IDN aware tools to encode/decode human readable IRI to/from valid URI
- by Denis Otkidach
Let's assume a user enter address of some resource and we need to translate it to:
<a href="valid URI here">human readable form</a>
HTML4 specification refers to RFC 3986 which allows only ASCII alphanumeric characters and dash in host part and all non-ASCII character in other parts should be percent-encoded. That's what I want to put in href attribute to make link working properly in all browsers. IDN should be encoded with Punycode.

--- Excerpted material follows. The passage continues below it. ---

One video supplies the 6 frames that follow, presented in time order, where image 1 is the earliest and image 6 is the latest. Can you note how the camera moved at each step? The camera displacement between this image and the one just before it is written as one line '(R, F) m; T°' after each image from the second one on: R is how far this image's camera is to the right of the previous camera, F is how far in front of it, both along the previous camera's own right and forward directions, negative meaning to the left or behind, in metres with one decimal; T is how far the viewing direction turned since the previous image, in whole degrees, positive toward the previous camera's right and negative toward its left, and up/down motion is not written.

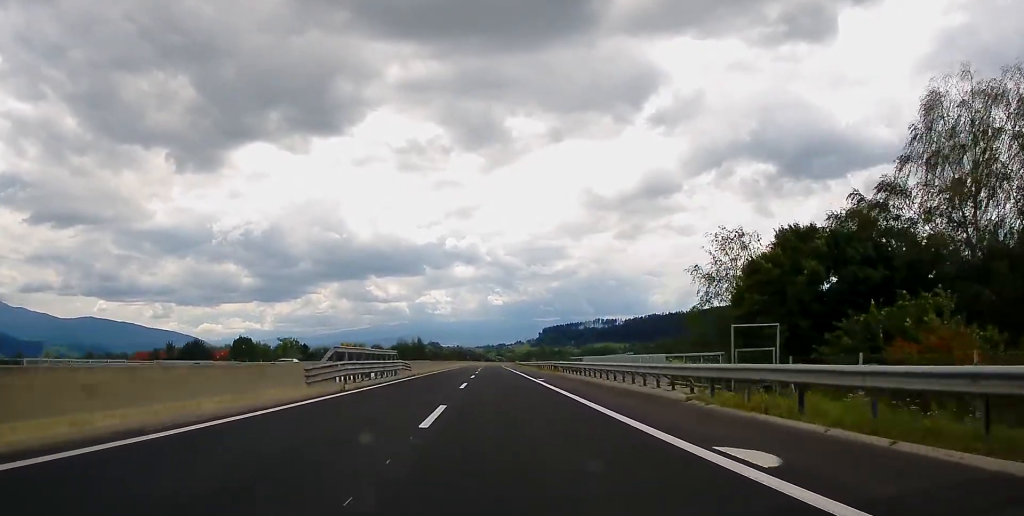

HTML5 draft refers to RFC 3987 which also allows percent-encoded unicode characters in host part and a large subset of unicode in both host and other parts without encoding them. User may enter address in any of these forms. To provide human readable form of it I need to decode all printable characters. Note that some parts of address might not correspond to valid UTF-8 sequences, usually when target site uses some other character encoding.
An example of what I'd like to get:
<a href="http://xn--80aswg.xn--p1ai/%D0%BF%D1%83%D1%82%D1%8C?%D0%B7%D0%B0%D0%BF%D1%80%D0%BE%D1%81">
http://????.??/???????????</a>
Are there any tools to solve these tasks? I'm especially interested in libraries for Python and JavaScript.